Received : December 01, 2020
Published : December 11, 2020


Roy A, Bhattacharjee S, Sarkar T, Chatterjee S, Chakraborty R. “Green Tea Reduces Indomethacin-induced Damage in AGS Cells. J Clin Nutr Heal (2020): 1; 001-004


Non-steroidal anti-inflammatory drugs (NSAIDs) disrupts mucosal defense through inhibition of cyclooxygenase (COX) and depletion of endogenous prostaglandins, thus exerts its adverse effects. Tea flavonoids; catechins and its derivatives, in particular, are known to prevent various systemic diseases like ulcer, cancer, atherosclerosis, hypertension, and diabetes that occur due to oxidative stress.
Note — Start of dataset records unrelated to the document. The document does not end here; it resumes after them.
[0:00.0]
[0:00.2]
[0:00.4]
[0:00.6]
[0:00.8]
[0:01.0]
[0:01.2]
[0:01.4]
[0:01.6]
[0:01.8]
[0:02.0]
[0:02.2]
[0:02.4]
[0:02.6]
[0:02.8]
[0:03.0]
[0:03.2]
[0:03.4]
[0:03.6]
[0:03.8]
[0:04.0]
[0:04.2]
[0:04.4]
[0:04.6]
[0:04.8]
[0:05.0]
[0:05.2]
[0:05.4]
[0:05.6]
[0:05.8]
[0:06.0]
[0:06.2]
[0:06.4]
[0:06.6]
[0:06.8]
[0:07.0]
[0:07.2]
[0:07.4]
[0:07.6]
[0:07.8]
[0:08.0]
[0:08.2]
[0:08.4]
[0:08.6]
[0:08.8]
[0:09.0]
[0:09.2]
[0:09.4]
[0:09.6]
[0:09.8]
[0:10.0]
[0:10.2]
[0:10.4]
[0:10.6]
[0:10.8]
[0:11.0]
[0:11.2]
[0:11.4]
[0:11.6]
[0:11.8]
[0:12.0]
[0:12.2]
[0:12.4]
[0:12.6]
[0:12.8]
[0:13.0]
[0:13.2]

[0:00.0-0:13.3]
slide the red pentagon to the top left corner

Green tea is the most abundant source of catechins and its derivatives. In the present study, we aimed to determine the dose dependent toxicity of conventional NSAIDs, indomethacin on cultured AGS cells using MTT assay and morphological deformities by DAPI and acridine orange/ethidium bromide (AO/EtBr) fluorescence staining where aqueous extract of green tea (aGTE) provided significant protection. In the future, aGTE will be useful in designing and development of a novel protective supplement against NSAIDs that have reduced gastrointestinal toxicity while maintaining their essential therapeutic efficacy to inhibit pain and inflammation.
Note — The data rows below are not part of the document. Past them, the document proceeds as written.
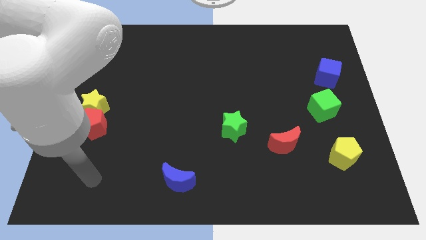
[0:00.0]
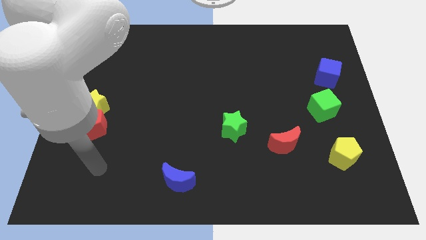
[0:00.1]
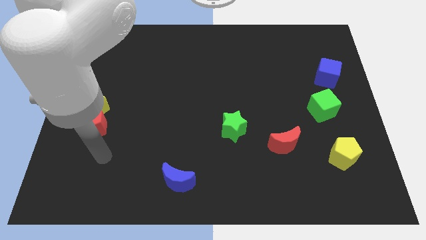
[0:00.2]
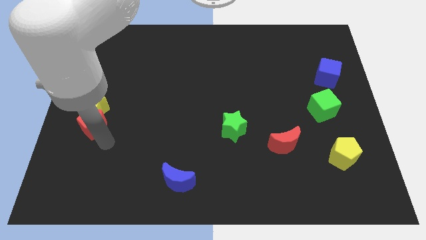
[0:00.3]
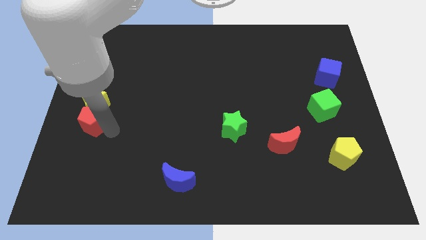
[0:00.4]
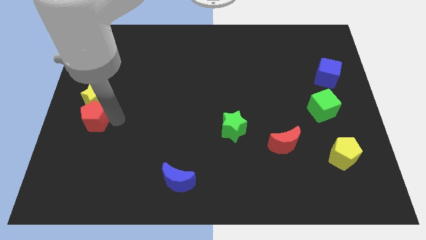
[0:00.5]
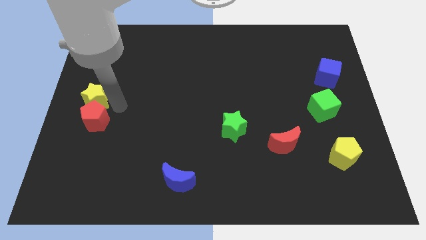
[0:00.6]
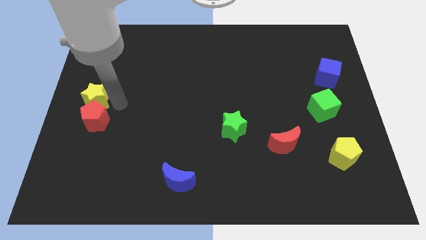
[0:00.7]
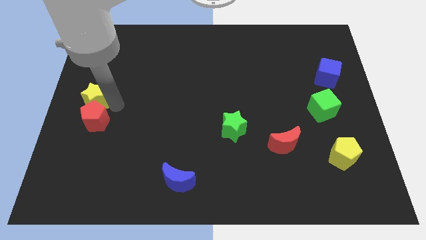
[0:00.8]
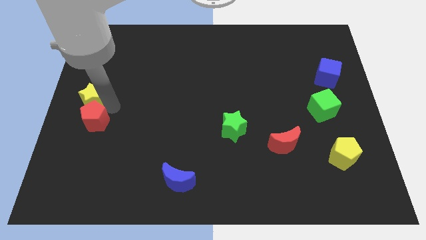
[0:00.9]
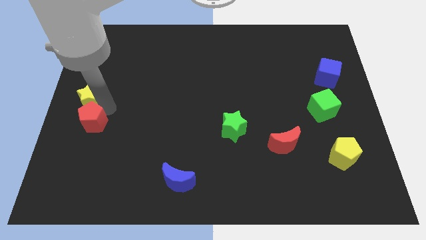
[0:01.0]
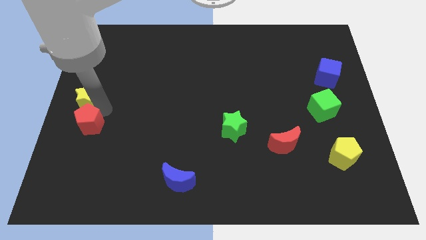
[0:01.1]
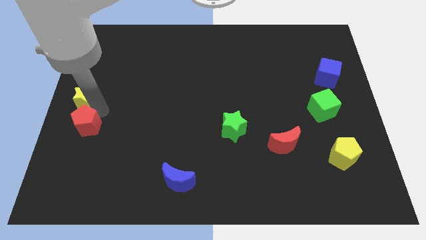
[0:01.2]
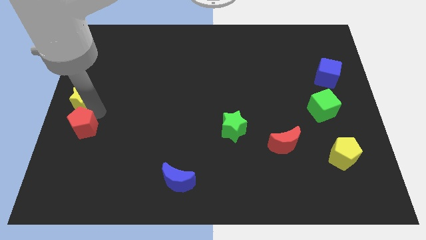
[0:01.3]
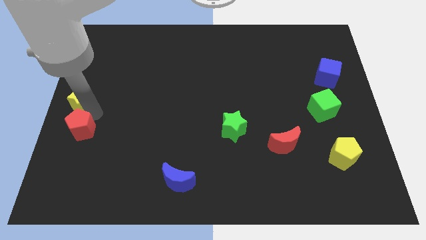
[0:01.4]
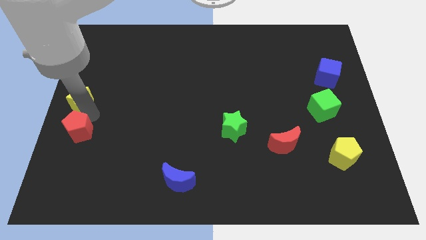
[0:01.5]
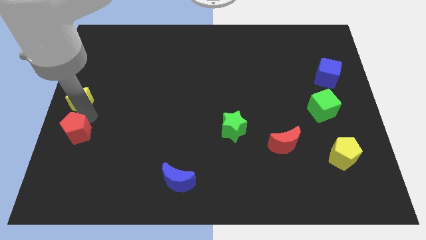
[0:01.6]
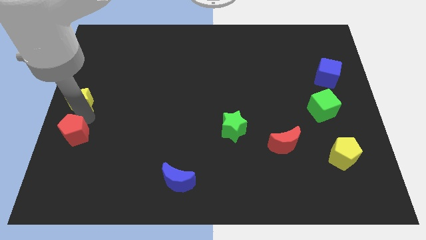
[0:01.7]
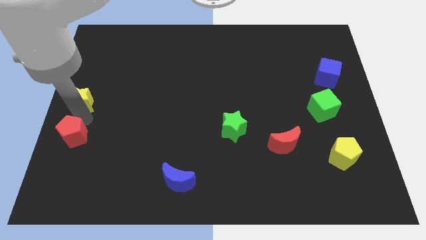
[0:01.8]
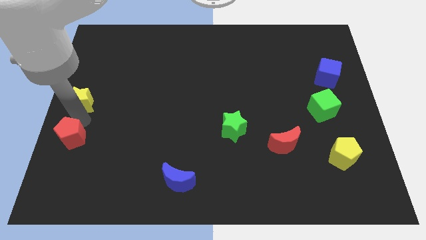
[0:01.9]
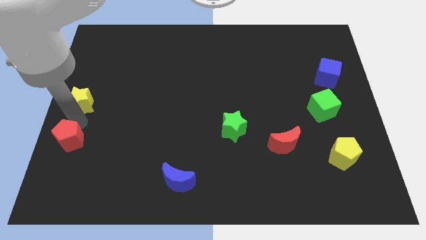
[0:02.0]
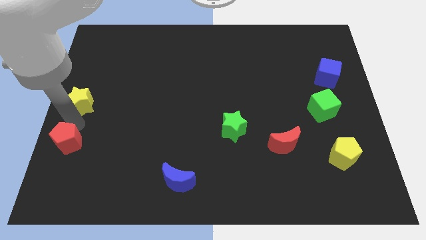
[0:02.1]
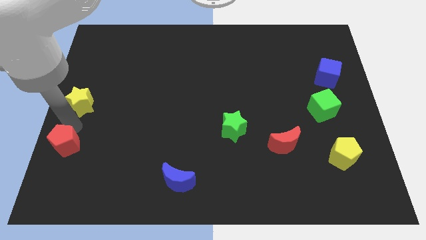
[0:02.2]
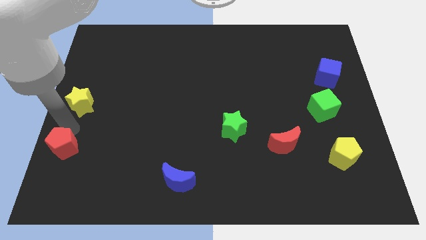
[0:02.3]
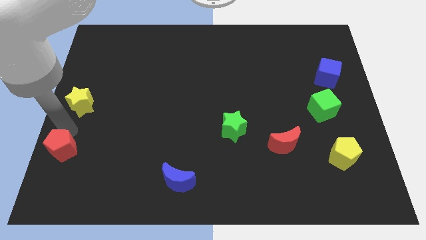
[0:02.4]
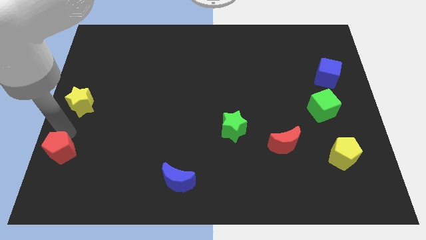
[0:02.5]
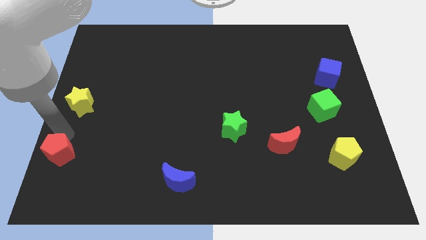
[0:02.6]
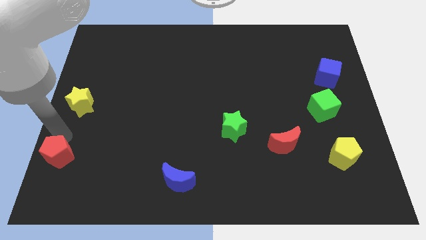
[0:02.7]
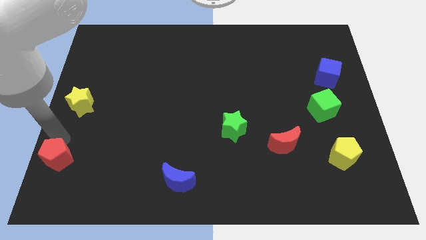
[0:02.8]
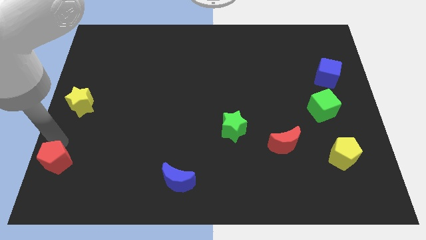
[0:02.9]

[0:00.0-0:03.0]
put the red pentagon to the bottom left of the board

Non-steroidal anti-inflammatory drugs (NSAIDs) are the important family of therapeutics and commonly prescribed medications globally which inhibit COX activity, and prostaglandin synthesis thus reduces pain and inflammation [1,2]. However, longterm use of NSAIDs exert deleterious effects to gastrointestinal system ranging from gastric and duodenal perforated ulcers, abdominal pain, bleeding apoptosis of mucosal cells, antioxidant level, ROS, mitochondrial oxidative stress and modulates autophagy [3]. It resulted in the reduction of mucus and/or bicarbonate release and decreased mucosal blood flow, which often hampers metabolic homeostasis and tissue integrity. NSAIDs specifically target the epithelial cells of the gastrointestinal tract. Researchers reported that NSAIDs cause lysosomal dysfunction in cultured cells. It is well established that excess generation of ROS due to the development of oxidative stress is the primary cause of NSAID-induced gastropathy[4,5]. NSAIDinduced ulcers account for approximately 22% of gastric ulcers [6].
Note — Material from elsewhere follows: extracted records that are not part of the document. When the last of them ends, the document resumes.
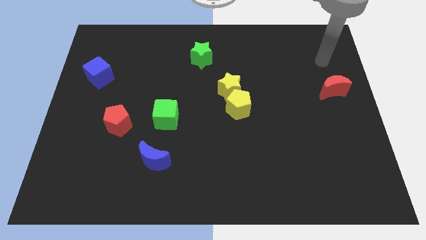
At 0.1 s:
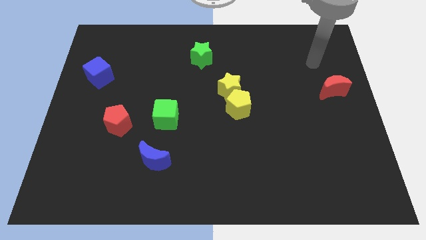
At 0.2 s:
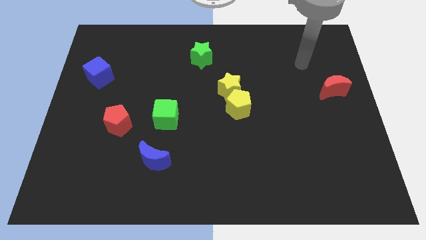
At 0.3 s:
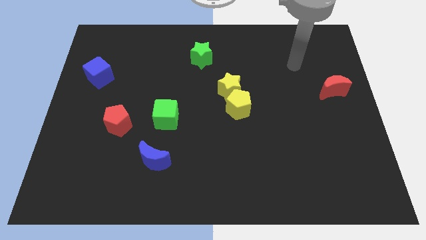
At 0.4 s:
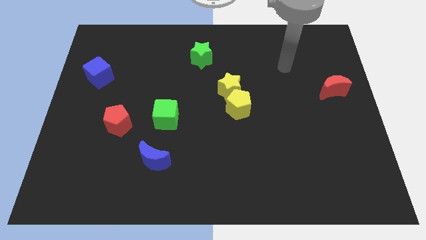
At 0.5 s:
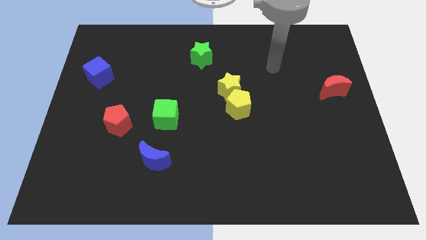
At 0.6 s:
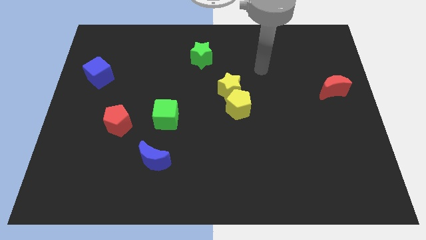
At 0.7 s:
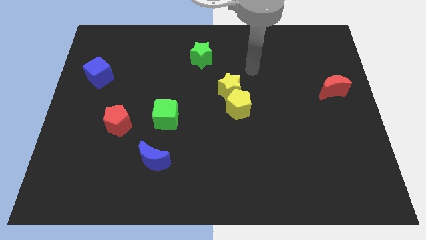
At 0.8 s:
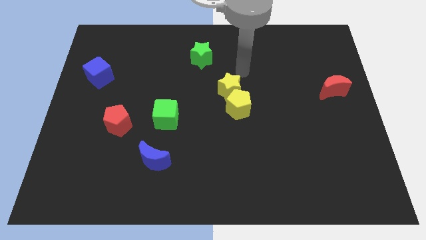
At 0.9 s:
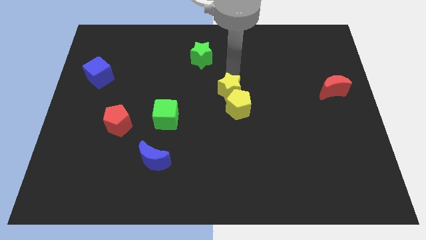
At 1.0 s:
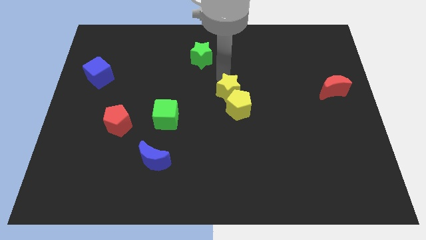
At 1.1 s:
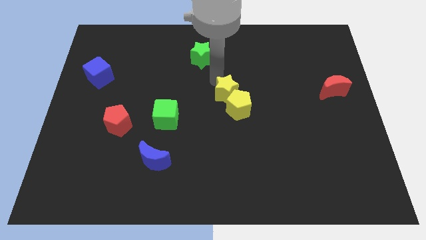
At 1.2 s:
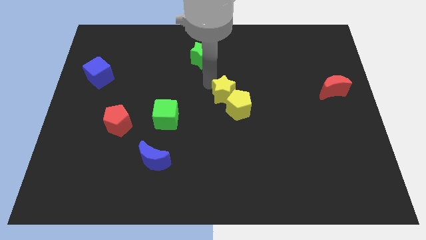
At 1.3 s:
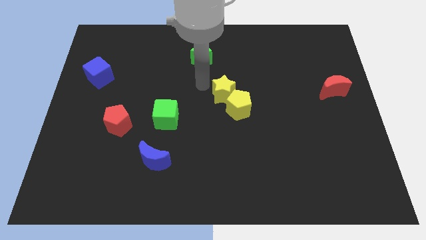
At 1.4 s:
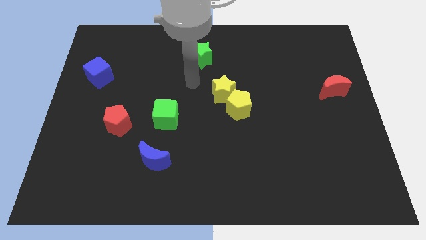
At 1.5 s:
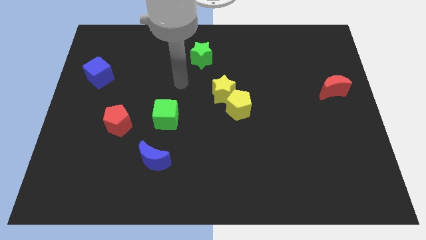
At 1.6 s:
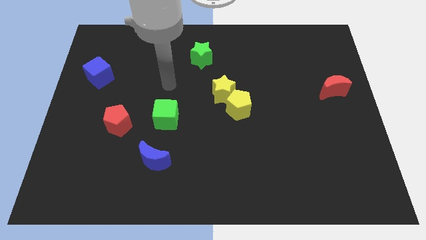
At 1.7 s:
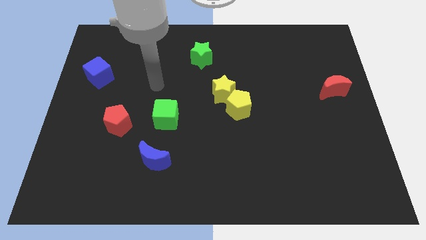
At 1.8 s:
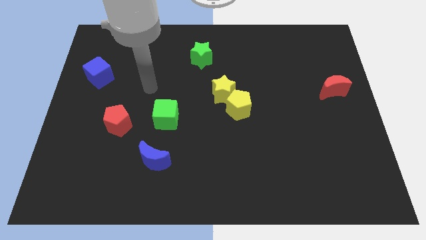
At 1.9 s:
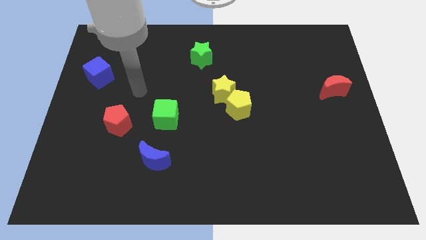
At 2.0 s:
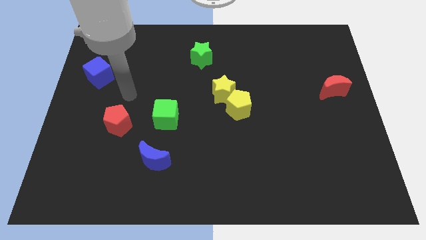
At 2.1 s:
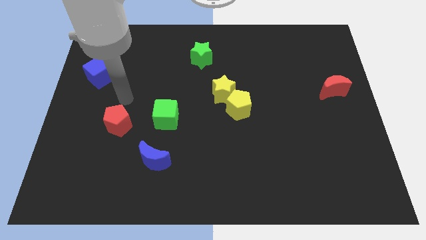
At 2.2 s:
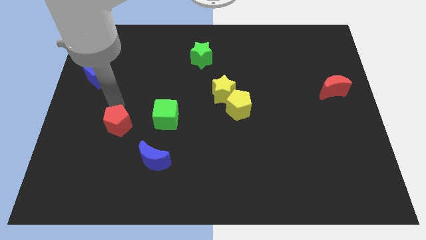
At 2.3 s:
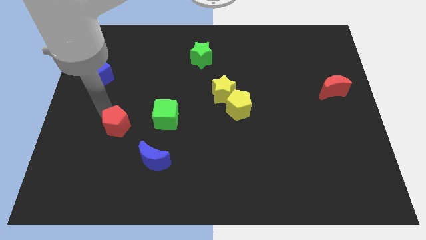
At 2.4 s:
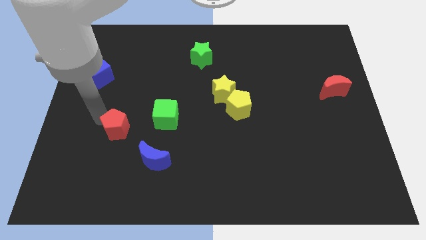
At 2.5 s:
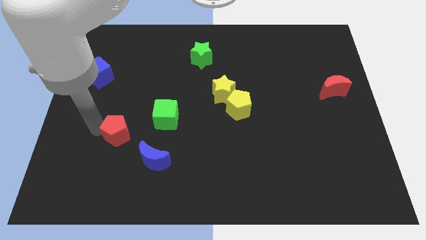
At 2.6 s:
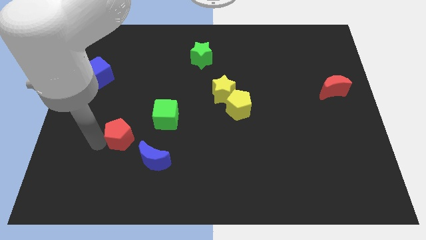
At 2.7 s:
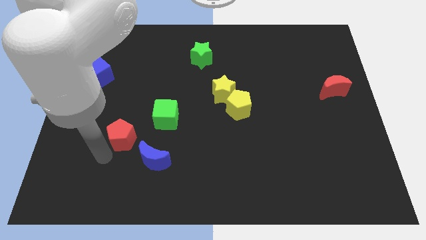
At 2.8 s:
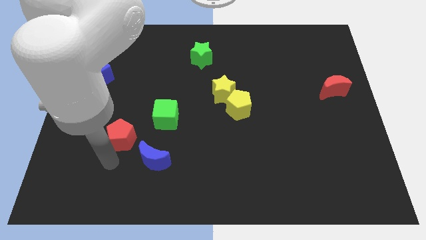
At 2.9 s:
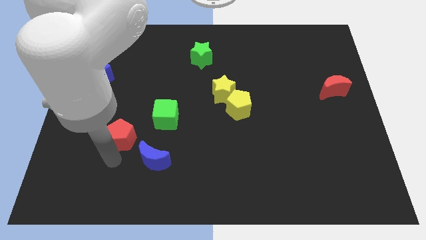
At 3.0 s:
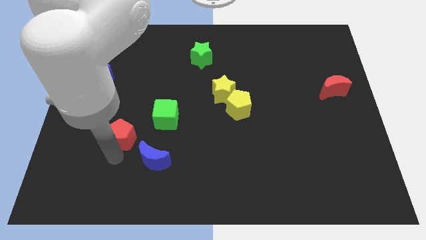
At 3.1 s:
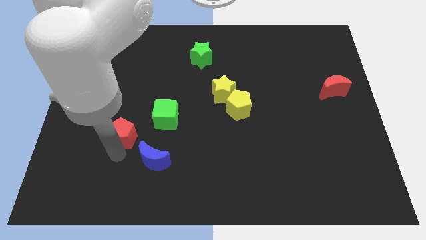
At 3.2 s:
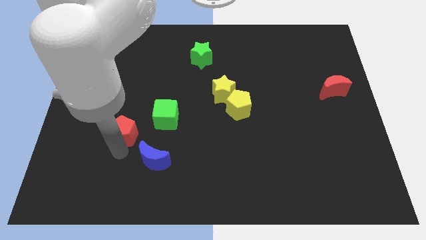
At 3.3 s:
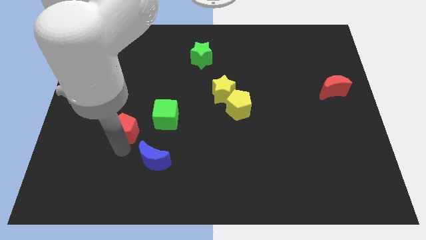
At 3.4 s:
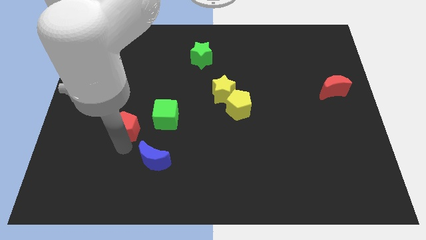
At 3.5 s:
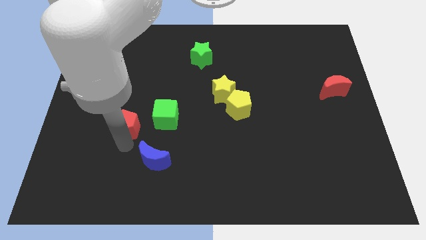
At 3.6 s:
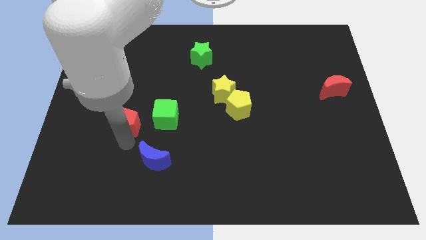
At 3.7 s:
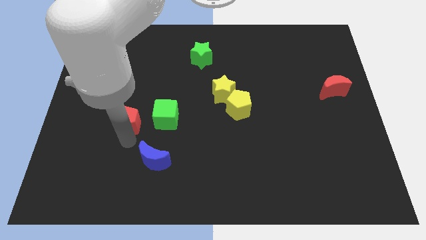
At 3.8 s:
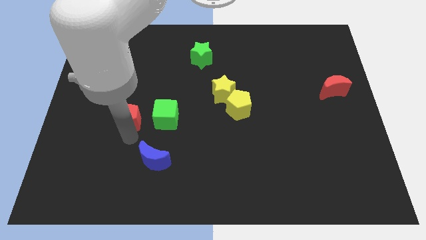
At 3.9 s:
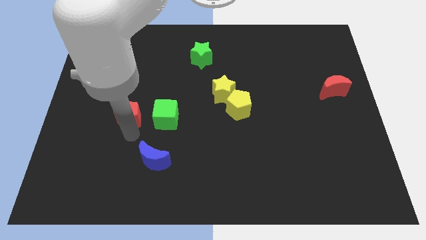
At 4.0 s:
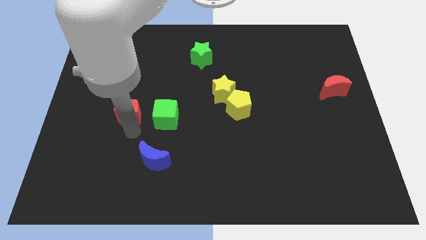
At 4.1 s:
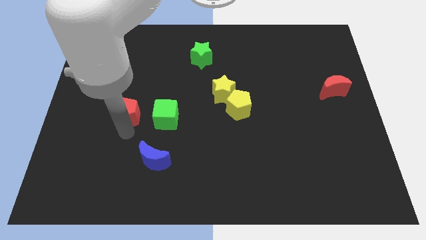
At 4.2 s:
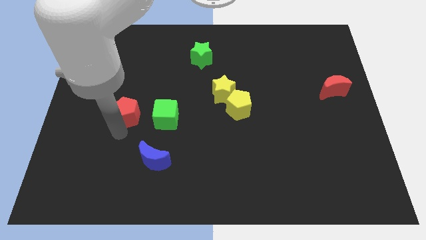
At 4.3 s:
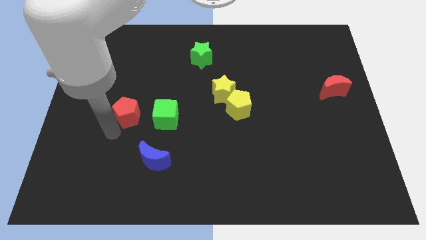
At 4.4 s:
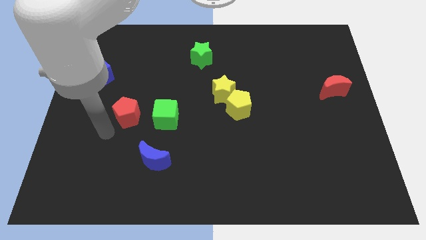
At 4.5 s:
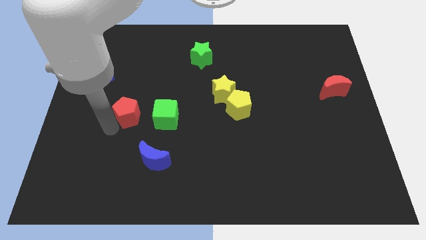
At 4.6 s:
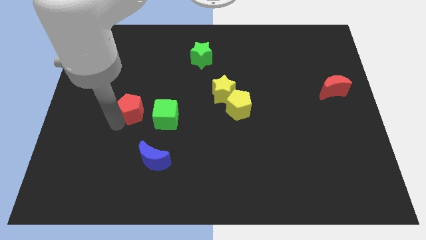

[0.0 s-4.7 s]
move the red pentagon to the top left side of the green cube

White tea, green tea, oolong tea, and black tea are produced from the leaves of Camellia sinensis, but for maintaining different oxidation state, their names are different. Their chemical components, percentage, and properties vary due to the time of year the tea leaves are harvested, and the fermentation methods used [7]. The efficacy of aGTE has been extensively studied over the past years for its various beneficial activities in systemic diseases. Tea is mainly composed of several catechin compounds, whereas green tea contain contains morecatechins than that of others [8]. Green tea is now widely consumed worldwide as part of a regular diet. Emerging literature suggests that green tea is associated with a vast array of biological activities, including antioxidation, anti-obesity, anti-inflammatory, antihyperlipidemic, anticancer, and antimicrobial effects [9]. However, its potential for limiting NSAID-induced gastric mucosal injury has not been experimentally elucidated.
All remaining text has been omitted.